Recently, a Supreme Court judgment
came that held that CAG can audit private companies that share their revenue
with the government. It has been widely regarded as a landmark verdict by all
corners of the society. The court held that in such cases (Cases of Revenue
Sharing) CAG is not carrying out any statutory audit of the accounts of the service
providers, but for the limited purpose of ascertaining whether the Union is
getting its legitimate share by way of “Revenue Sharing”.
One of the main contentions
before the court was regarding the interpretation of Article 149 of the
Constitution of India.
“149. Duties and powers of
the Comptroller and Auditor General. The Comptroller and Auditor General
shall perform such duties and exercise such powers in relation to the
accounts of the Union and of the States and of any other authority or body
as may be prescribed by or under any law made by Parliament and, until
provision in that behalf is so made, shall perform such duties and exercise such
powers in relation to the accounts of the Union and of the States as were
conferred on or exercisable by the Auditor General of India immediately before
the commencement of this Constitution in relation to the accounts of the Dominion
of India and of the Provinces respectively.”
The Counsel for the private
companies relied on the Constituent Assembly Debates to interpret Article 149 and
submitted that the term “any other authority or body” was only meant to
cover the entities that perform State functions/or entities financed or
controlled by the State, as opposed to local bodies and other miscellaneous
corporations and organizations.
However, the court thought
otherwise. The court held that Constitution is a living and organic document
and therefore, is not bound to be understood or accepted to the original
understanding of the constitutional economics. Parliamentary Debates may not be
the sole criteria to be adopted by a court while examining the meaning and
content of Article 149, since its content and significance has to vary from age
to age. They are just like Fundamental Rights which have no fixed content and
most of them are empty vessels into which each generation has to pour its
content in the light of its experience.
Also, the power of the CAG under
Section 16 of the 1971 Act was disputed primarily on the ground that Article
149 of the Constitution confers powers on the CAG to conduct audit of accounts
only of the Union and the States or any other authority or body prescribed by
or under any law made by Parliament, not private entities or their underlying
accounts and records maintained by them in the absence of law made by the
Parliament.
In this regard, the court said
that when the executive deals with the natural resources, like spectrum,
Parliament should know how the nation’s wealth has been dealt with by the
executive and even the persons to whom the executive gave license to use the
spectrum. The quantum of the Revenue generated out of the use of the spectrum
must be properly assessed, collected and accounted for by the Union and the
License Holders. When nation’s wealth, like spectrum, is being dealt with
either by the Union, State or its instrumentalities or even the private parties,
they are accountable to the people and to the Parliament. Parliamentary
democracy also envisages, inter alia, the accountability of the Council of Ministers
to the Legislature.
Another reason given by the court
was that “the Section 16 of the CAG Act makes it clear that the expression
“to audit all transactions” so also “audit of all receipts”, payable into
Consolidated Fund of India would take in not only the accounts of the Union and
of the State and of any other authority or body as may be prescribed or under
any law made by the Parliament but also to audit all transactions which Union
and State have entered into which has a nexus with Consolidated Fund, especially
when the receipts have direct connection with Revenue Sharing.”

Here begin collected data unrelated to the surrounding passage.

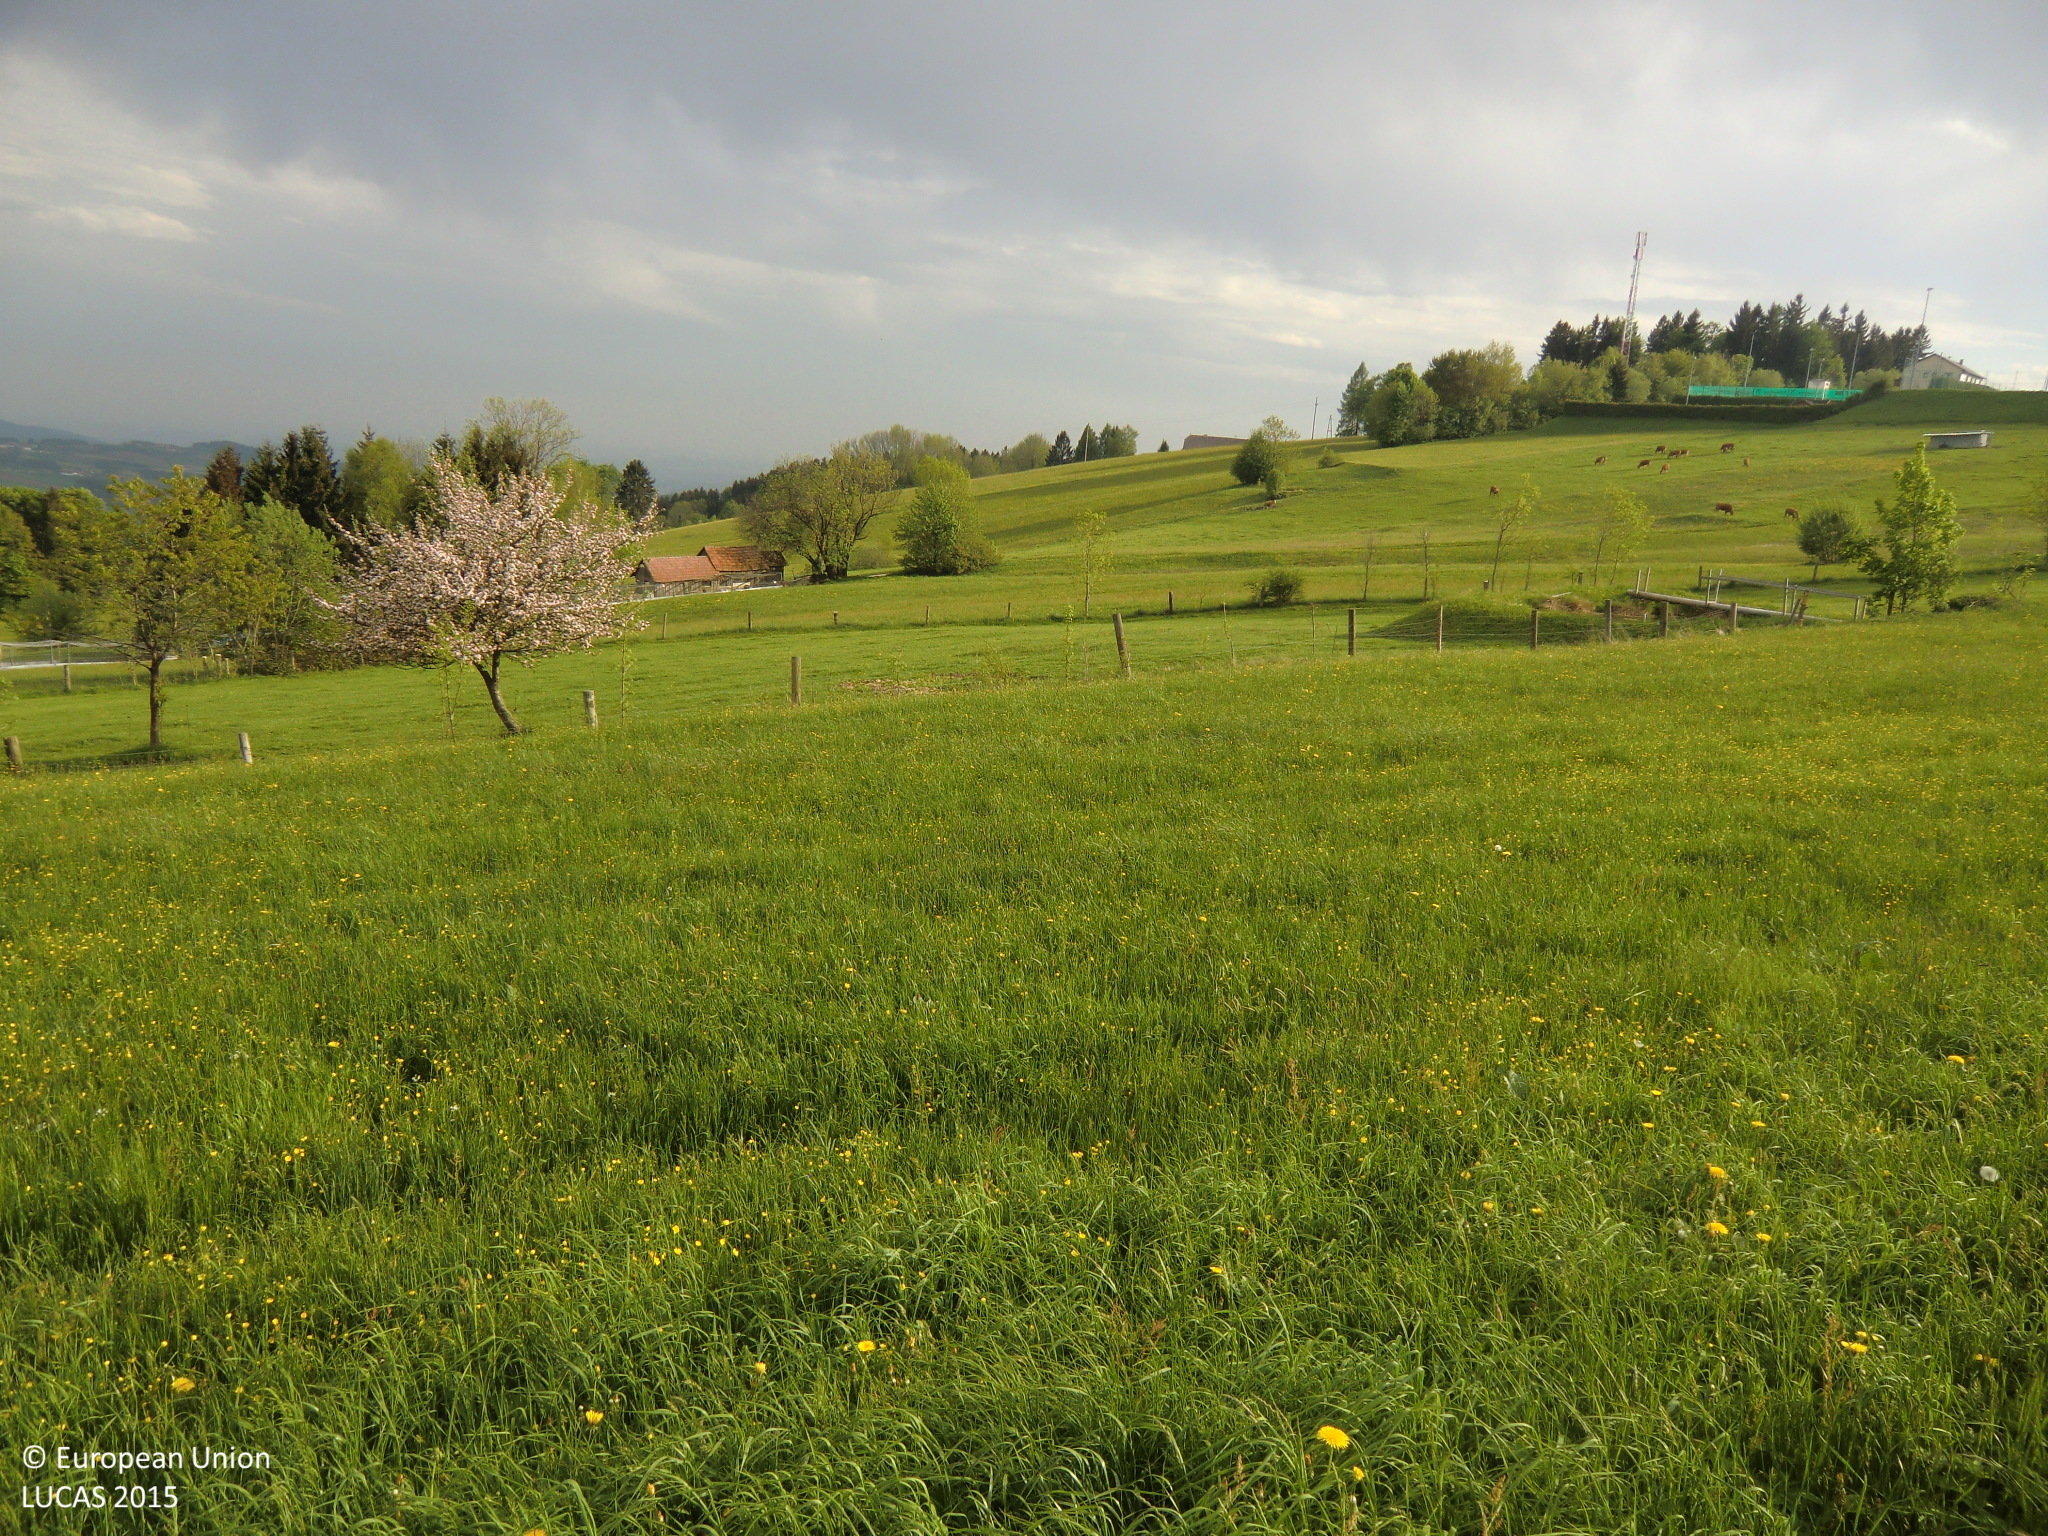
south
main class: Grassland
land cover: Grassland without tree/shrub cover
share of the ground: > 75 %
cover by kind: herbaceous plants 100 %
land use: Agriculture (excluding fallow land and kitchen gardens)
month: May
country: AT
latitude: 48.4106
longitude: 14.2829

If we go by this logic, every
taxpayer should be subjected to CAG Audit since tax receipts also go into the
Consolidated Fund of India. In order to ascertain whether a taxpayer has
unlawfully withheld tax, by this interpretation, the CAG can definitely conduct
an Audit on any taxpayer.
I strongly feel that the line of reasoning
adopted by the honourable court in this case is highly erroneous. The Court
should have applied the principle of “noscitur a sociis” here. “Noscitur a
sociis” is basically a tool for statutory interpretation according to which “the
meaning of an unclear word or phrase should be determined by the words
immediately surrounding it”.
The phrase “accounts of the
Union and States and any other authority or body” requires to be
interpreted in the light of the principle of “noscitur a sociis” and in a
composite manner. Such an interpretation would reveal that the term “body”
is to be construed in the light of the continuing term “union”, “states” and
“authority”, all of which connote some form of state control. Hence,
under Article 149, only those bodies would be included that have some form of
state control. Rest would be excluded. Now, merely because spectrum is an
important natural resource and there is a need to ascertain whether the Union
is getting its legitimate share by way of “Revenue Sharing”, it is not
prudent to extend the scope of a constitutional provision where the words of
that particular constitutional provision clearly imply a restricted interpretation.
The provisions of the Constitution must be interpreted in a very careful
manner. Where the words as well as the intention of the drafters suggest
otherwise, I do not think the courts should over-read a constitutional
provision and expand its ambit in a whimsical manner.